Wendy Wolfson
Newswire21.org
The three researchers who received this year's Nobel Prize for Medicine got it for giving insights into cancer and aging at the most basic cellular level. But the importance of their work in the arcane world of telomeres and telomerase may have been lost amid all the hoopla.
Telomeres (pronounced tee-loh-meers) are protective caps on the ends of chromosomes in cells. Chromosomes carry genetic information, so it is important that they are precisely copied in cell division.
Telomerase (teh-LAH-meh-race) is an enzyme that keeps restoring the ends of telomeres as cells divide, enabling the entire chromosome to be copied intact. But this process goes awry in cancer.
Dr. Elizabeth Blackburn, a biochemistry professor at the University of California, San Francisco; Carol Greider, a Ph.D. of Johns Hopkins School of Medicine, and Jack Szostak, a Ph.D. at Harvard Medical School and a researcher at Howard Hughes Medical School, were awarded the prize for their work in the 1970s and 1980s on telomeres' fundamental roles in cell division and death.
"The question of how cellular aging relates to abnormal cell division, such as cancer and the aging of organisms continues to be the focus of rigorous study, thanks to the insights of Drs. Greider, Blackburn, and Szostak," said NIH Director Francis Collins, in a statement released the day of the Nobel announcement.

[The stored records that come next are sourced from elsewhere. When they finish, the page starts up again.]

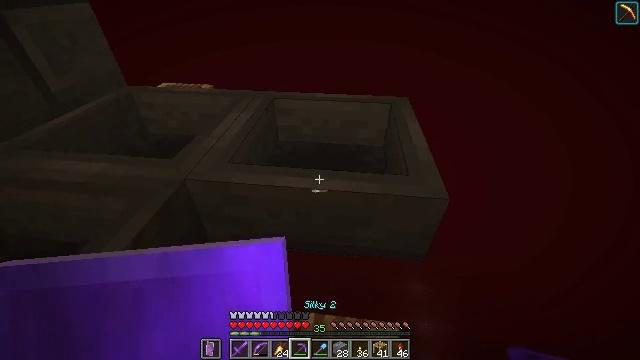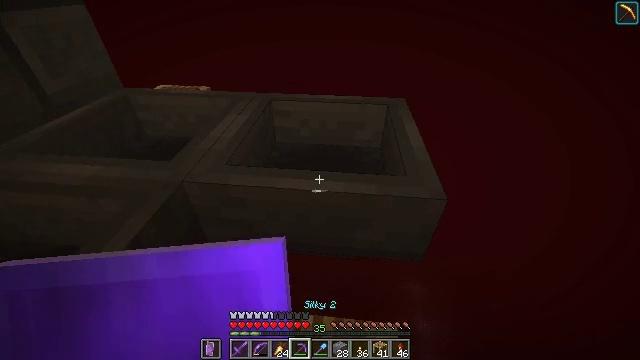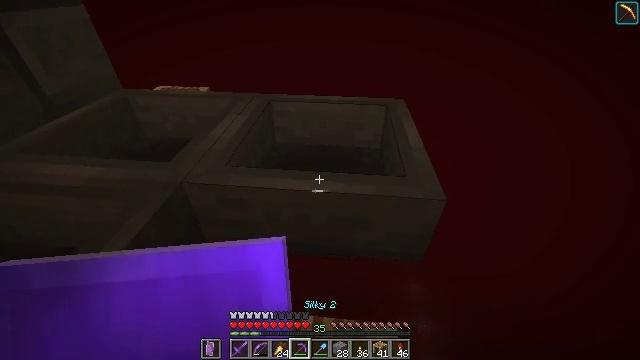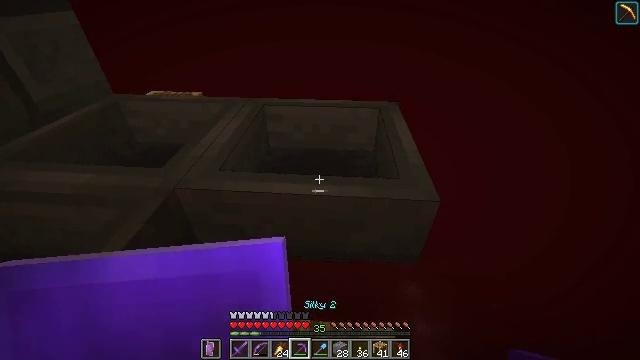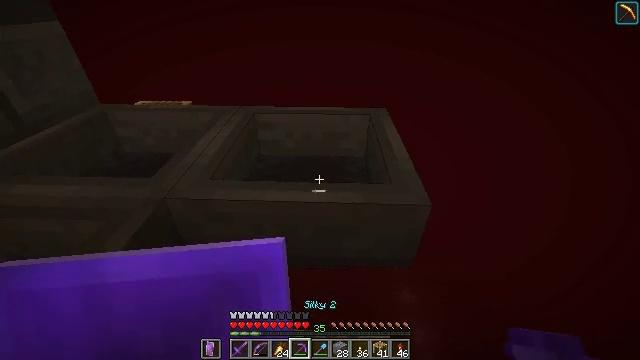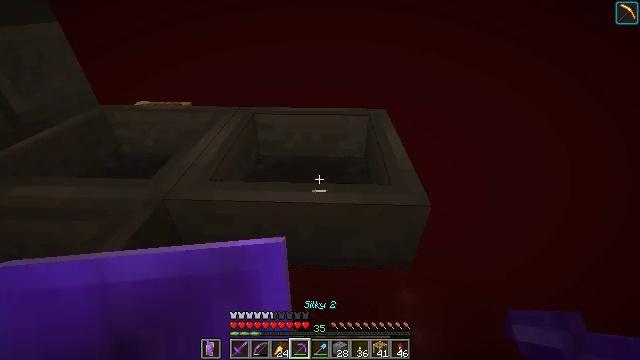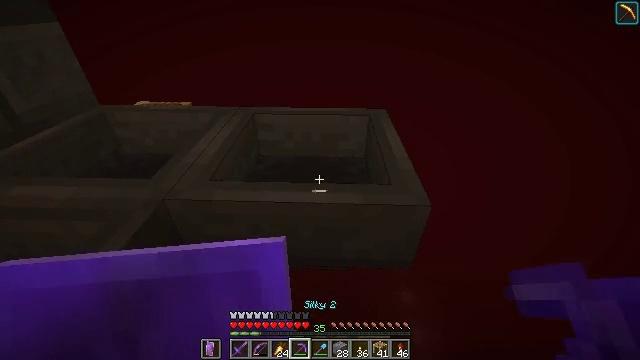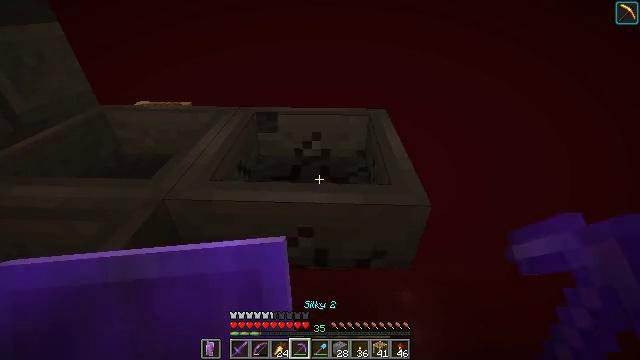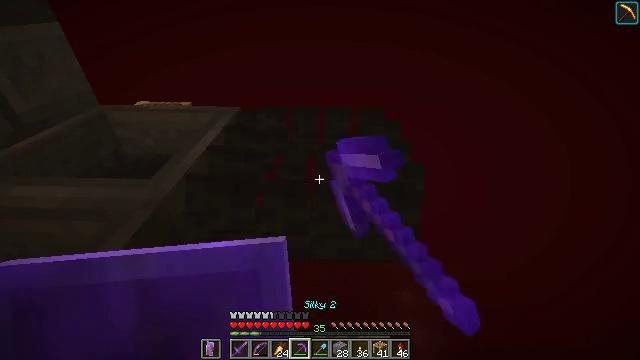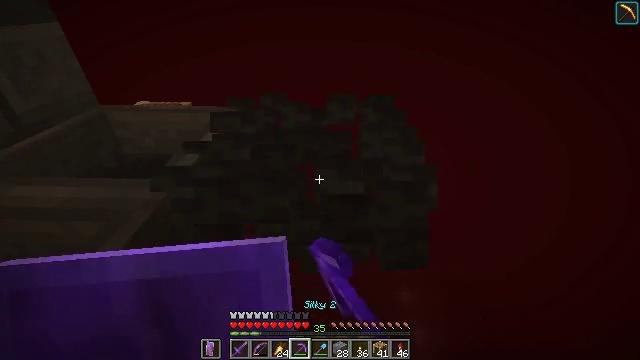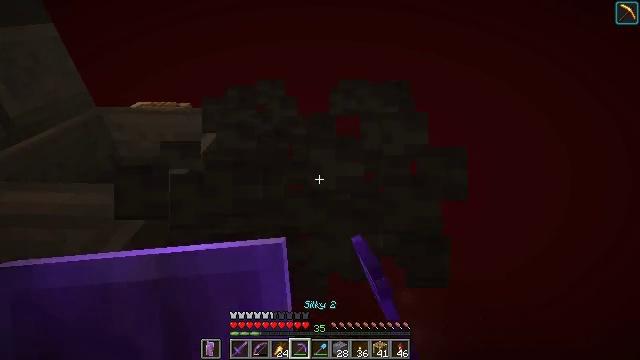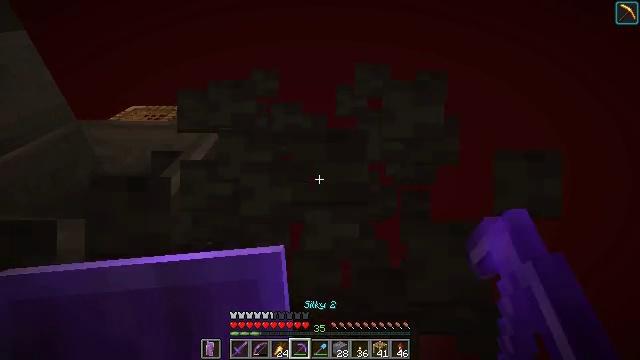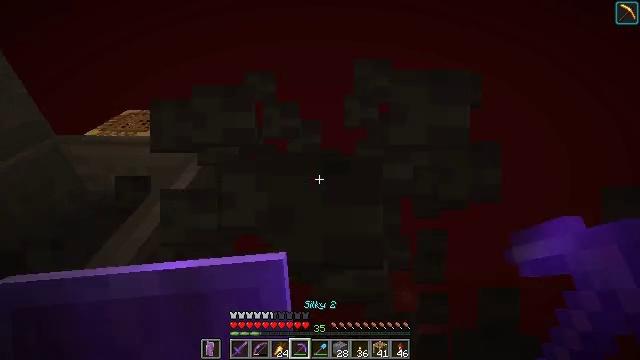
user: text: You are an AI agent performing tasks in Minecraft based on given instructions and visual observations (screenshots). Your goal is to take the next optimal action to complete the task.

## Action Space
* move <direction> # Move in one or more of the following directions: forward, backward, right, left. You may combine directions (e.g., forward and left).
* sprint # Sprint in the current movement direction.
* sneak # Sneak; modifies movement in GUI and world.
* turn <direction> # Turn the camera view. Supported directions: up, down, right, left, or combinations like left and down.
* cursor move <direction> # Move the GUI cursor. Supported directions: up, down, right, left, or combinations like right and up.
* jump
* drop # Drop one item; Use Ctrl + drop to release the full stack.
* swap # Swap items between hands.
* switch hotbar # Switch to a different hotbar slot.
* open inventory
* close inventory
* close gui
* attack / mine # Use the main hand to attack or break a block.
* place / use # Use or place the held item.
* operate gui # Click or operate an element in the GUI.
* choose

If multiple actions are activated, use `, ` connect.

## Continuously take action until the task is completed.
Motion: motion action
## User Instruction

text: Collect the hopper by mining it.
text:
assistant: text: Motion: no_op
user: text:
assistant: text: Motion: no_op
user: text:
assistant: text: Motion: turn right
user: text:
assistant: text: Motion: turn right and up
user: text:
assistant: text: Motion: no_op
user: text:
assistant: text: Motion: no_op
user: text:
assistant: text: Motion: attack / mine
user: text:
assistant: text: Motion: attack / mine
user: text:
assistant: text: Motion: attack / mine
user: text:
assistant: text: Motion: move forward
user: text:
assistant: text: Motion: move forward
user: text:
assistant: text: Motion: move forward
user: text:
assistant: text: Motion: no_op

Telomeres don't contain any genetic information, just the same sequence of DNA bases repeated several thousand times. But they act like aglets, those plastic sleeves that prevents shoelaces from fraying, to protect the chromosomes as cells divide.

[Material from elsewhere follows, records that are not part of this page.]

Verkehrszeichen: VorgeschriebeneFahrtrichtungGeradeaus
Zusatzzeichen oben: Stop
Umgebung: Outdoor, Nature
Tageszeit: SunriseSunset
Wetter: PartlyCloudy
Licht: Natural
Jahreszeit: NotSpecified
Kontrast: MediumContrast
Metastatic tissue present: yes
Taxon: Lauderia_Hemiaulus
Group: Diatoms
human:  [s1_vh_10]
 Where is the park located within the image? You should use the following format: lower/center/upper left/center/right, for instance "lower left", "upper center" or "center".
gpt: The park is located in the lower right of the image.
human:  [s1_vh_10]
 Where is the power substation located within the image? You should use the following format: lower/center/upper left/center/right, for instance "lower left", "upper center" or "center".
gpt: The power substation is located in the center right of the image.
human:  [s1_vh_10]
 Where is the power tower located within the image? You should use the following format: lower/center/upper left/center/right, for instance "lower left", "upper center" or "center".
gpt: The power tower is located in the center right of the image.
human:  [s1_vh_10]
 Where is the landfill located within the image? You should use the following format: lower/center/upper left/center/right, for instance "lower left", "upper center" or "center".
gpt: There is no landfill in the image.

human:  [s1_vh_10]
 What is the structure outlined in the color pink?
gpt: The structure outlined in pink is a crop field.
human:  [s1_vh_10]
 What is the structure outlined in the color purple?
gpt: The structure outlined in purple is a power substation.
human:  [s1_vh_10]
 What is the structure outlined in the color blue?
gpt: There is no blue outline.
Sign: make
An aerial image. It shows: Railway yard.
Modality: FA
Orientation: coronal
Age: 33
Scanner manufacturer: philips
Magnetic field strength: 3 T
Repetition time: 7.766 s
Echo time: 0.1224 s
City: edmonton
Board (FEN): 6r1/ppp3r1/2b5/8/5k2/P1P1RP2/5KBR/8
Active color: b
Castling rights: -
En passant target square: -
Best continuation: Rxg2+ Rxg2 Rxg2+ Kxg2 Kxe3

Blackburn and Greider discovered that the enzyme telomerase is active in the cells of babies in the womb but shuts off by kindergarten. This means that as cells divide, the ends of the chromosomes are not completely copied. The older we get, the more our telomeres wear down.
Stress Impacts
In a 2007 New York Times interview, Blackburn said that chronic psychological
stress, like caring for a family member with dementia, can also accelerate
telomere wear and tear. And low telomerase is linked to stress-related illness.

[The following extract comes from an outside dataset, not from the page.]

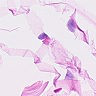
Metastatic tissue present: no
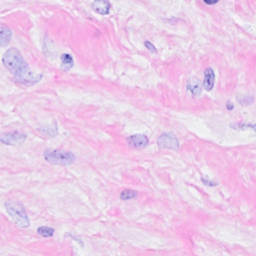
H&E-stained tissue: Breast
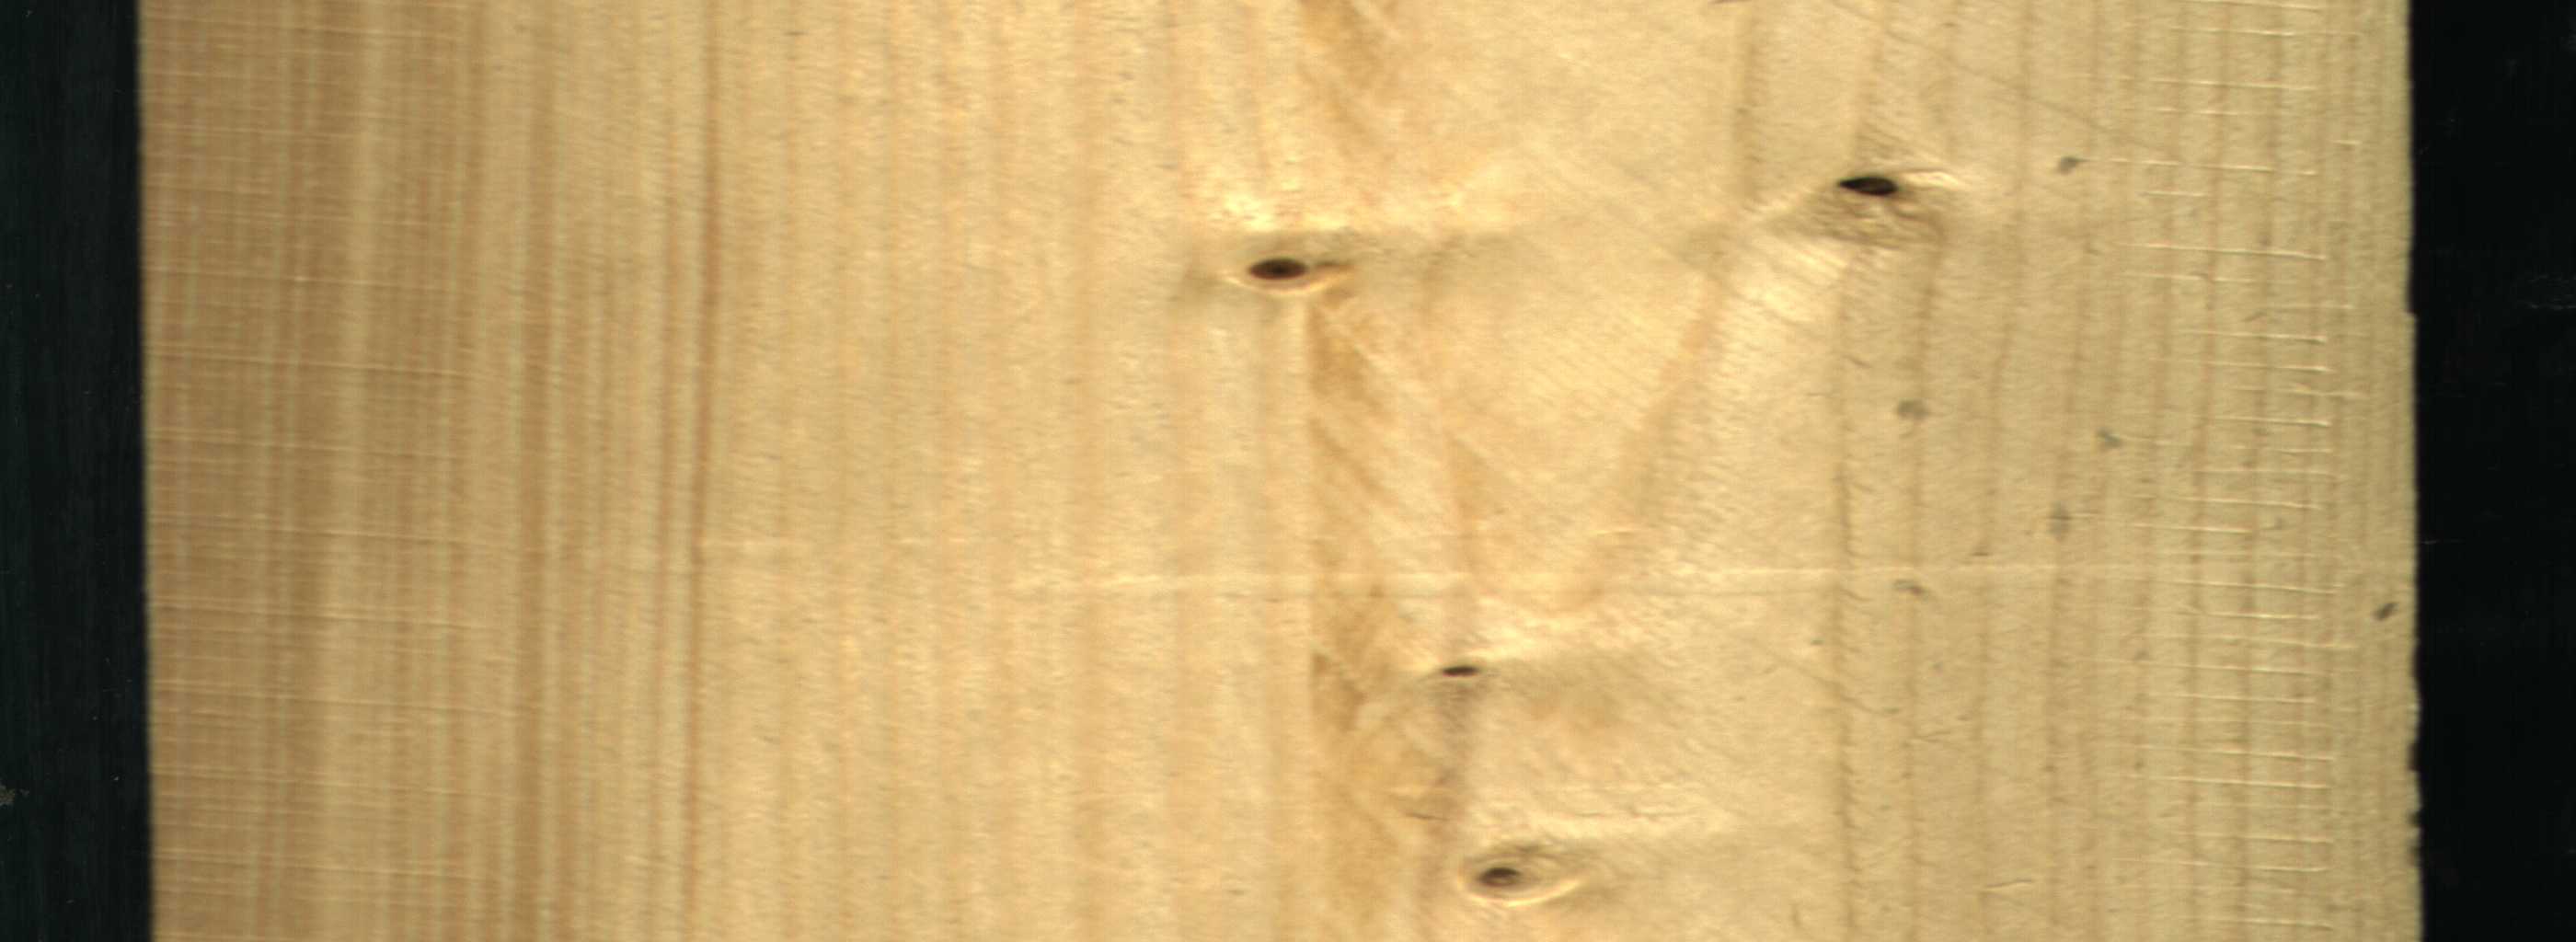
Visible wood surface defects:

Scientists think that when the telomeres get too short to function properly the cell stops dividing. By looking at the length of a chromosome's telomere, researchers can gauge how many times a cell has divided, and how far it can go before it stops replicating itself.
At least, this is how it is supposed to work. But in advanced cancer, telomerase is active, enabling cells to keep dividing ad infinitum and the telomeres at the tail end of chromosomes don't shorten with each cell division.
The work of the trio has spurred initiatives to find vaccines and drugs that could inhibit telomerase enzyme in cancer, as well as research into certain genetic diseases that are caused by defective telomerase, such as congenital aplastic anemia and certain hereditary skin and lung diseases.